:: The task ::
Reproduce the data in full, exactly as given, leaving images out.

:: Data provided ::
>>>

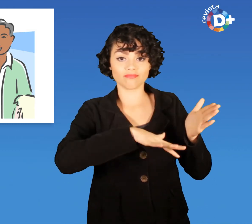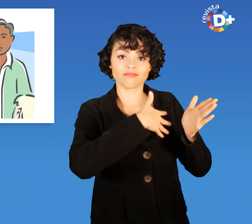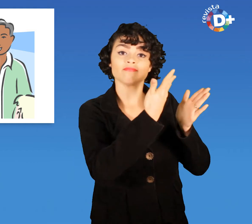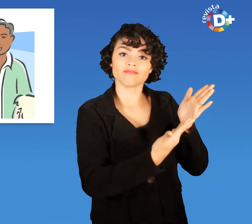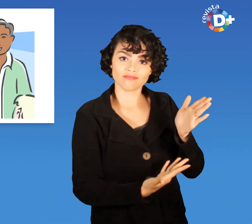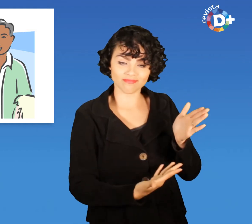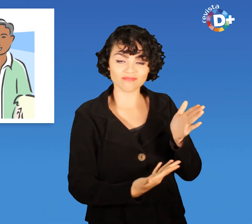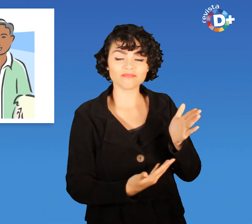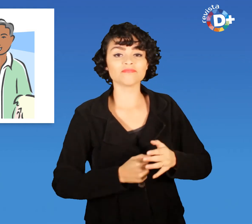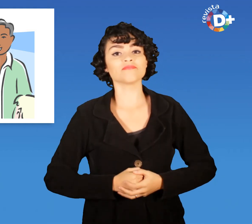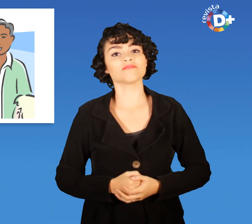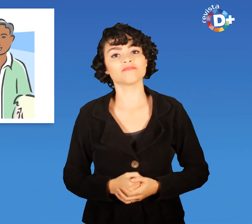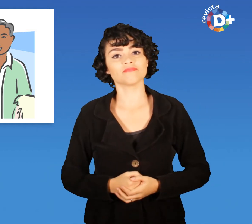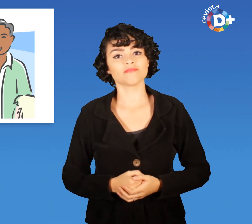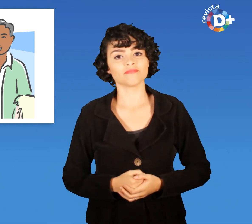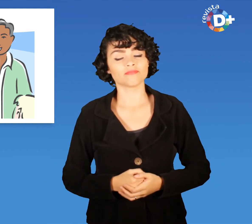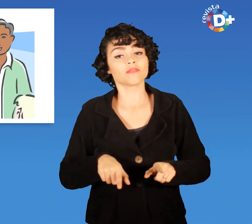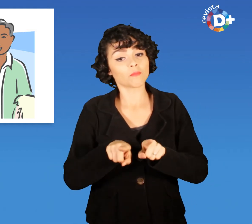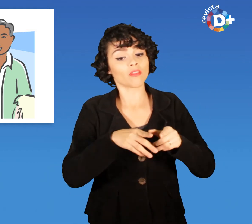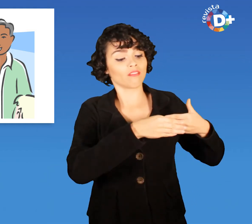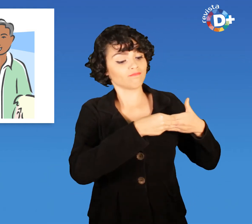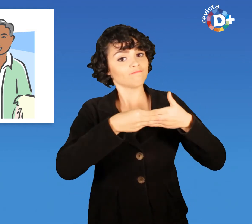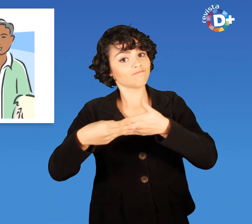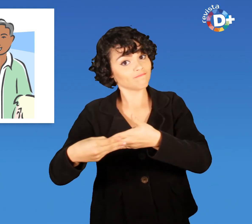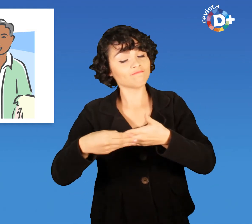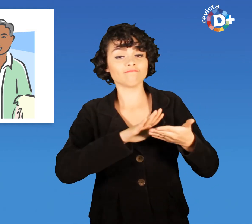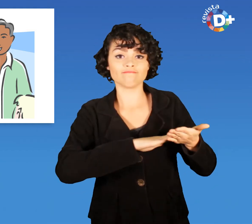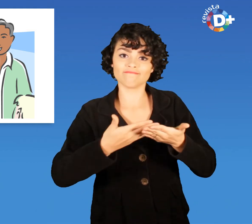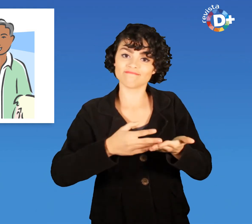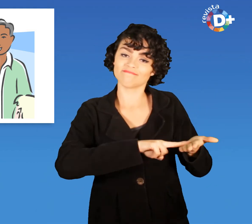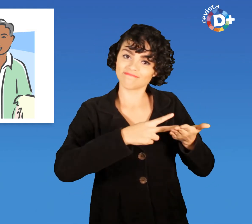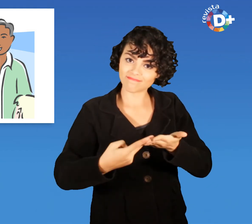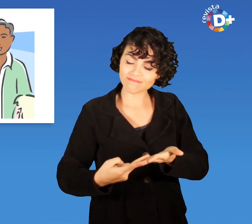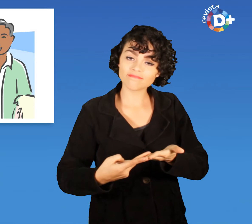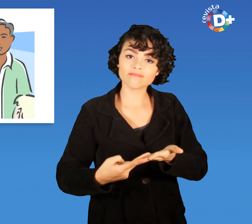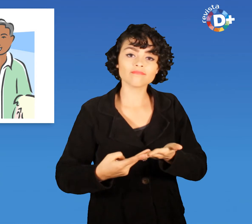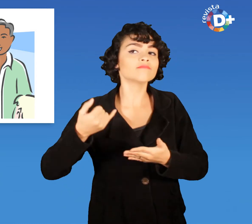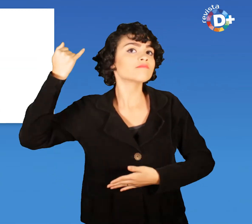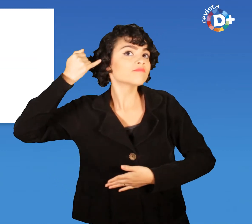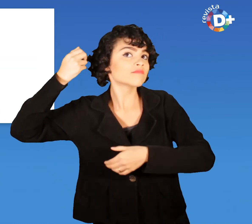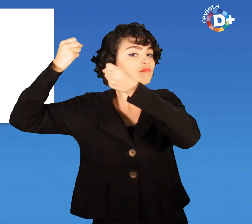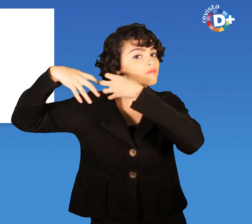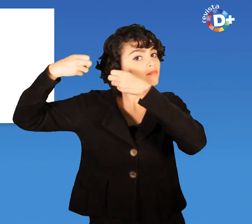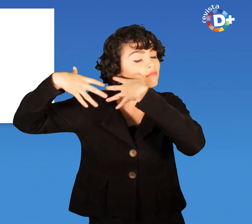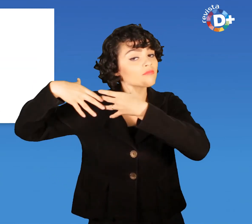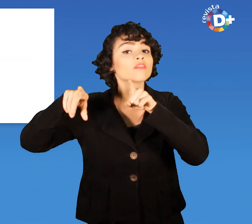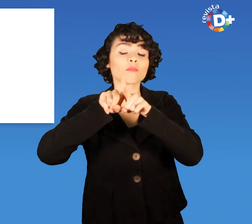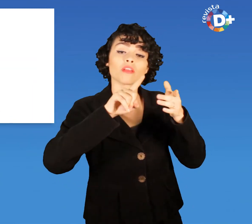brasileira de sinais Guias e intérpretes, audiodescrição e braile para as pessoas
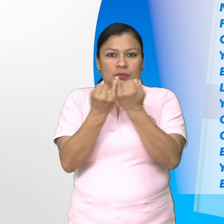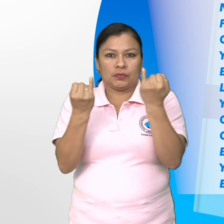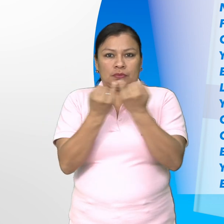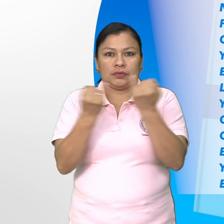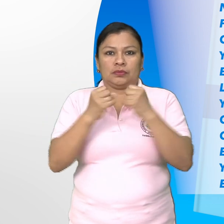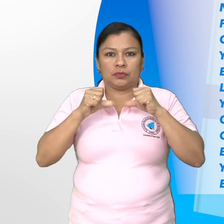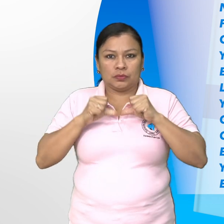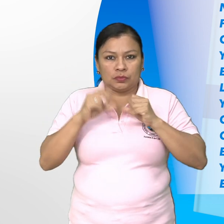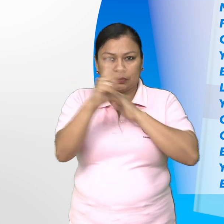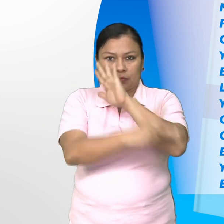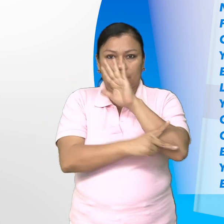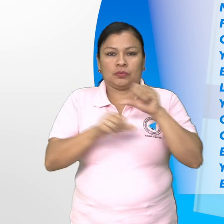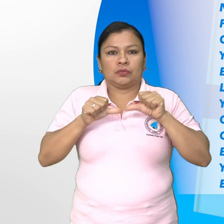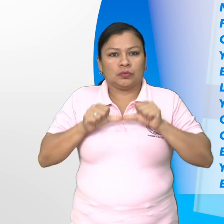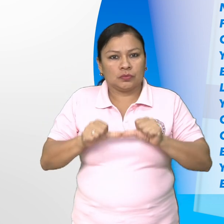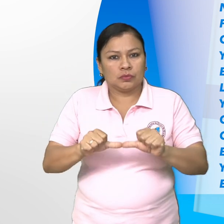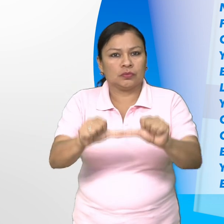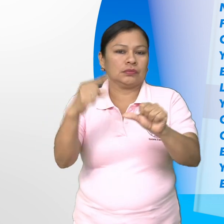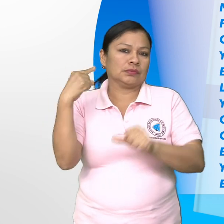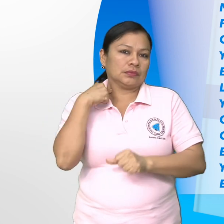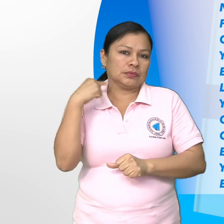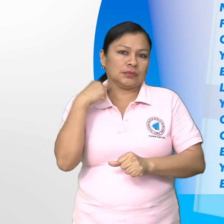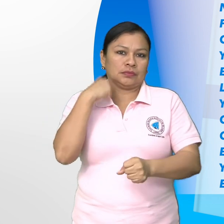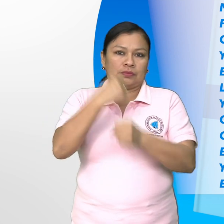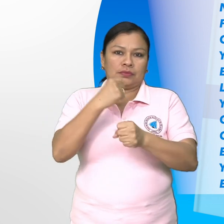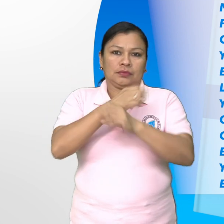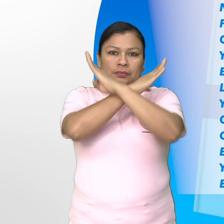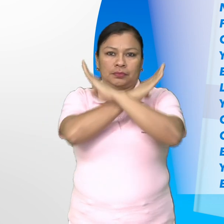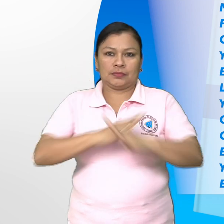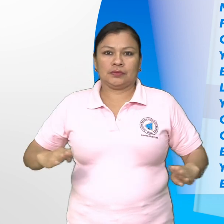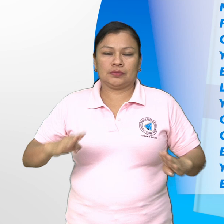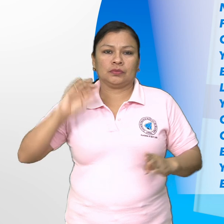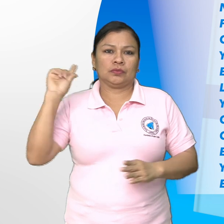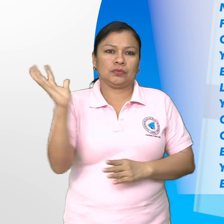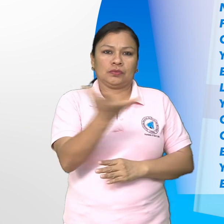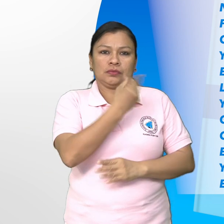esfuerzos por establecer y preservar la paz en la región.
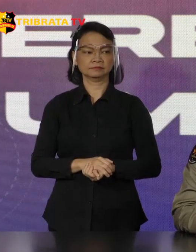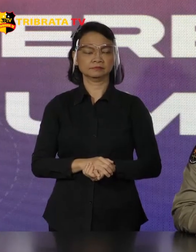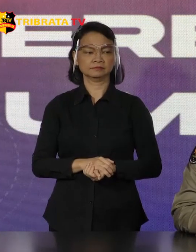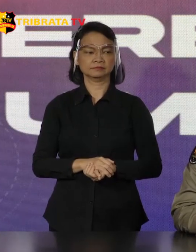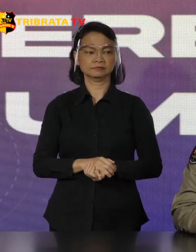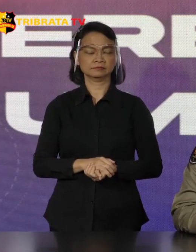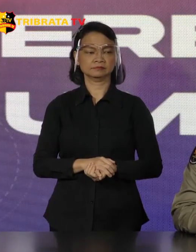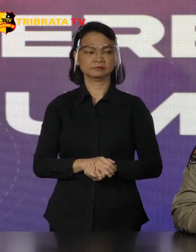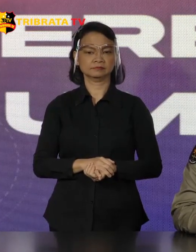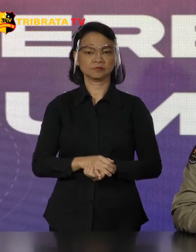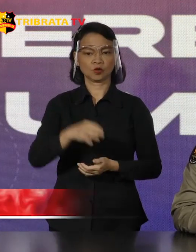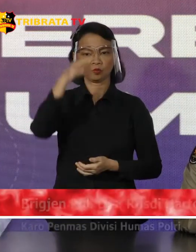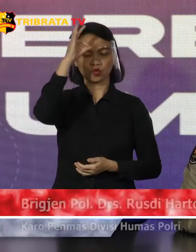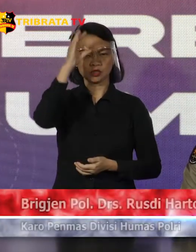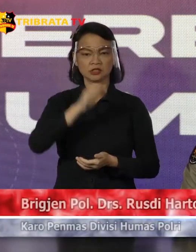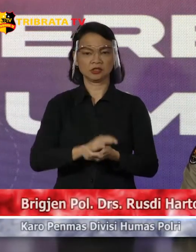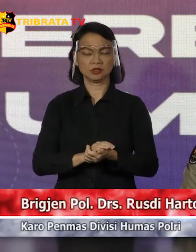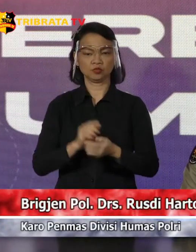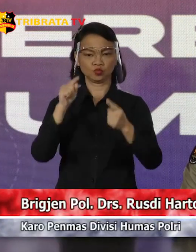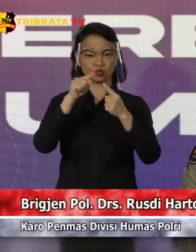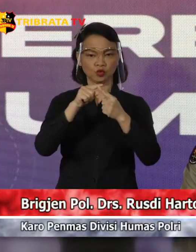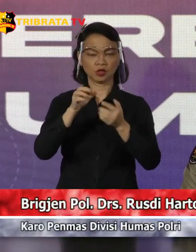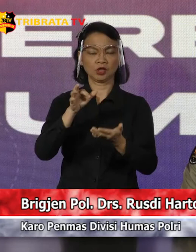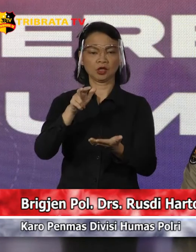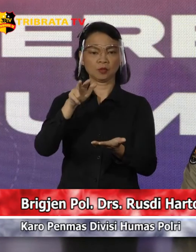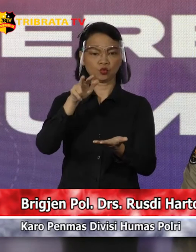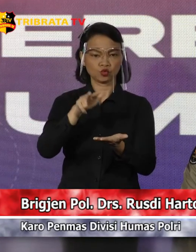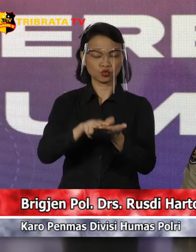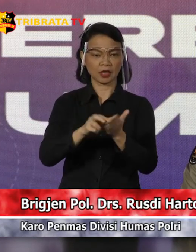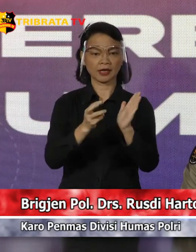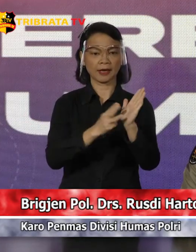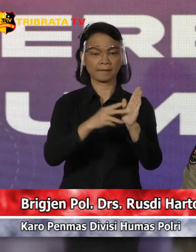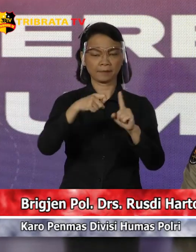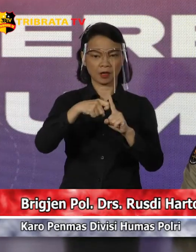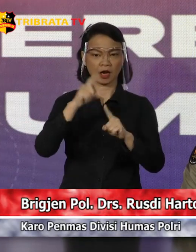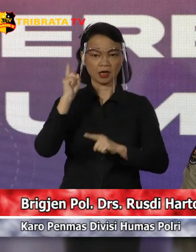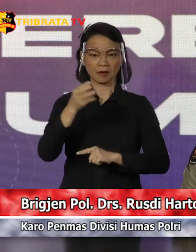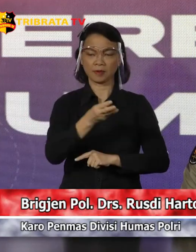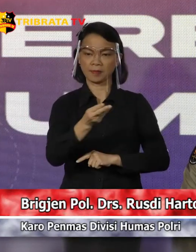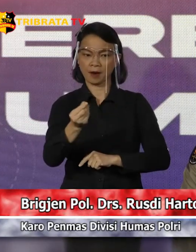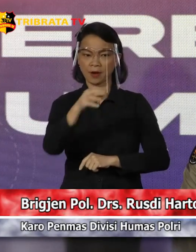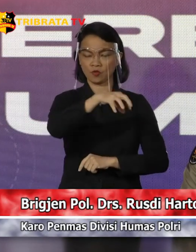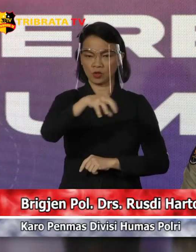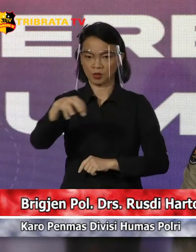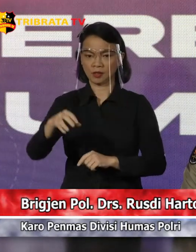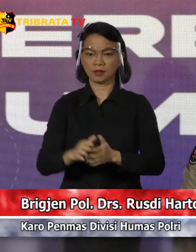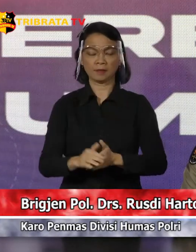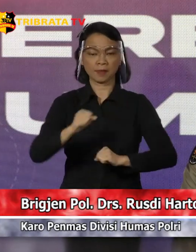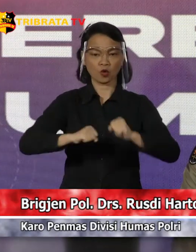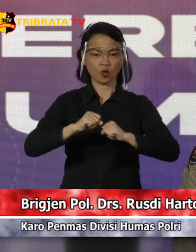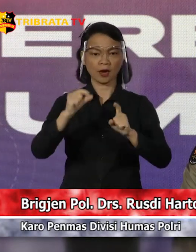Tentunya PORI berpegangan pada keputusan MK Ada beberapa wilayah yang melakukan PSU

<<<

:: Task response ::
brasileira de sinais Guias e intérpretes, audiodescrição e braile para as pessoas
esfuerzos por establecer y preservar la paz en la región.
Tentunya PORI berpegangan pada keputusan MK Ada beberapa wilayah yang melakukan PSU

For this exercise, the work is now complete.